Stored items:
+ + + + + + +
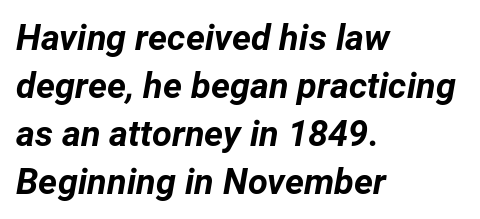
The image shows 36 px bold type, italic (leaning right); set left-aligned, normal line spacing (1.33x), normal letter spacing, not underlined; low stroke contrast and a medium x-height.
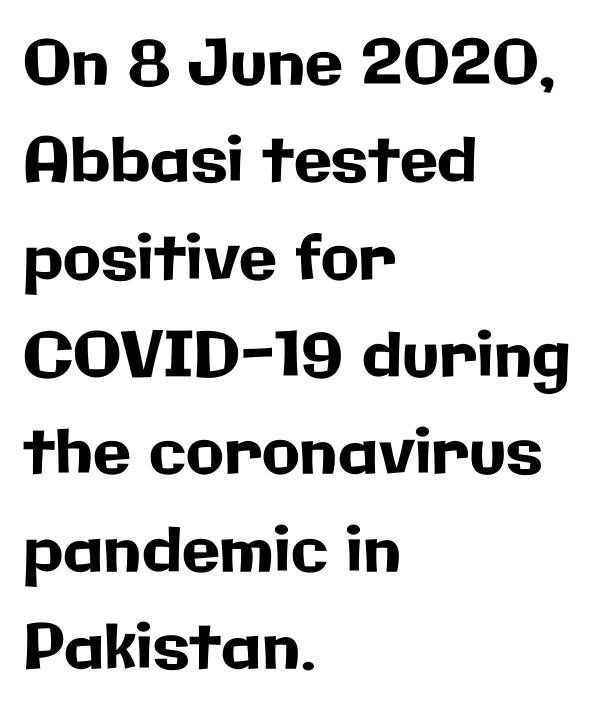
The string is rendered with underlining switched off. The rag falls on the right side of this text block. Posture: upright roman. A typesetter would label this face a sans. The designer left line spacing at the default. Spacing verdict: proportional, widths tailored to each character.
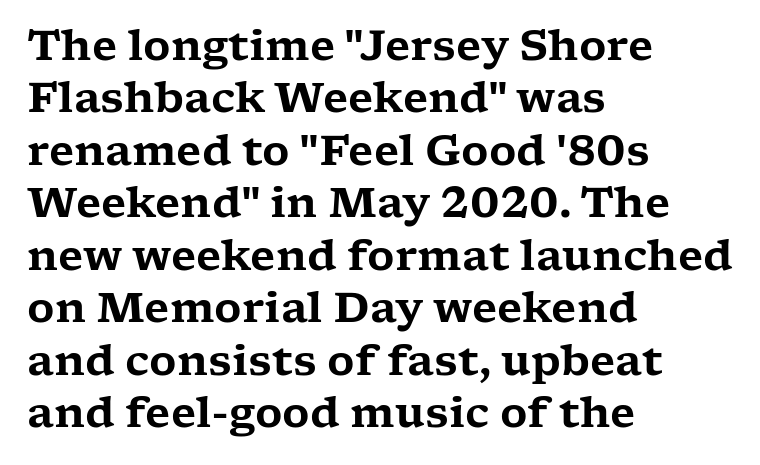
Normally led — the rows are evenly, conventionally spaced. Teacher's note: observe the even left margin — that is flush-left alignment. You could not count columns in this text — the font is proportionally spaced. The type sits square on the baseline with zero lean.
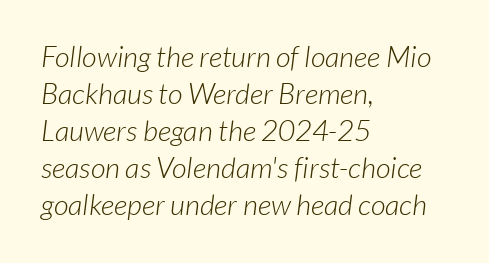
Q: Is the text bold? A: No.
Q: Is the typeface a serif or a sans-serif typeface? A: Sans-serif.
Q: Is the text underlined? A: No.
Q: How is the paragraph aligned? A: Left-aligned.
Q: Is the spacing between letters normal or unusually wide? A: Normal.
Q: Is the spacing between lines tight, normal or loose? A: Normal.
Q: Width (condensed, normal, or wide)? A: Normal.
Q: Stroke contrast? A: Low.
Q: x-height? A: Medium.
Q: Monospaced? A: No.
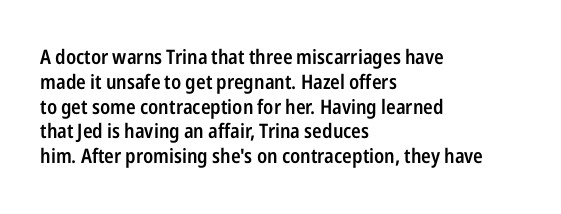
The image shows 20 px text type, upright; set left-aligned, line spacing 1.24x, normal letter spacing, not underlined.
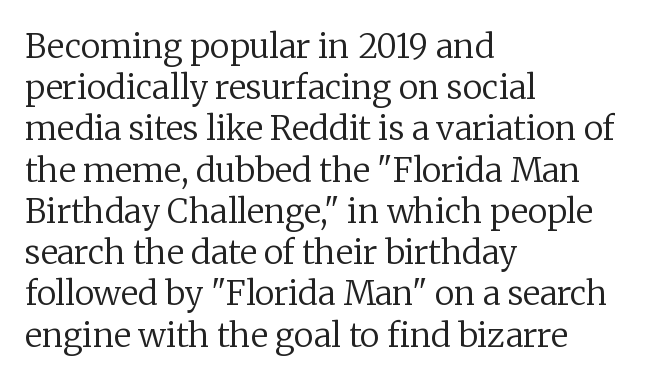
Q: Is the text bold? A: No.
Q: Is the text italic (slanted)? A: No, it is upright.
Q: Is the typeface a serif or a sans-serif typeface? A: Serif.
Q: Is the text underlined? A: No.
Q: How is the paragraph aligned? A: Left-aligned.
Q: Is the spacing between letters normal or unusually wide? A: Normal.
Q: Is the spacing between lines tight, normal or loose? A: Normal.
Q: Width (condensed, normal, or wide)? A: Normal.
Q: Stroke contrast? A: Low.
Q: x-height? A: Medium.
Q: Monospaced? A: No.
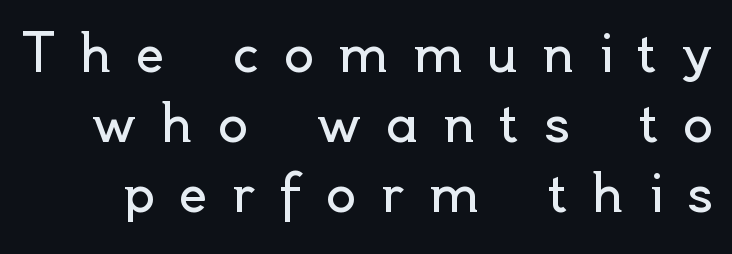
The leading is moderate, giving the passage an even texture. Letter spacing: wide. The rendering uses natural spacing where letterforms have individual widths. The specimen reads as upright at a glance. This rendering features lettering with no underline. The font sits on the lighter half of the weight spectrum, regular included.
+ + + + + + +
**What you are asked to do**
The expected output is each line of the records above that includes the word "sits".

**Answer to this task**
Normally led — the rows are evenly, conventionally spaced. Teacher's note: observe the even left margin — that is flush-left alignment. You could not count columns in this text — the font is proportionally spaced. The type sits square on the baseline with zero lean.
The leading is moderate, giving the passage an even texture. Letter spacing: wide. The rendering uses natural spacing where letterforms have individual widths. The specimen reads as upright at a glance. This rendering features lettering with no underline. The font sits on the lighter half of the weight spectrum, regular included.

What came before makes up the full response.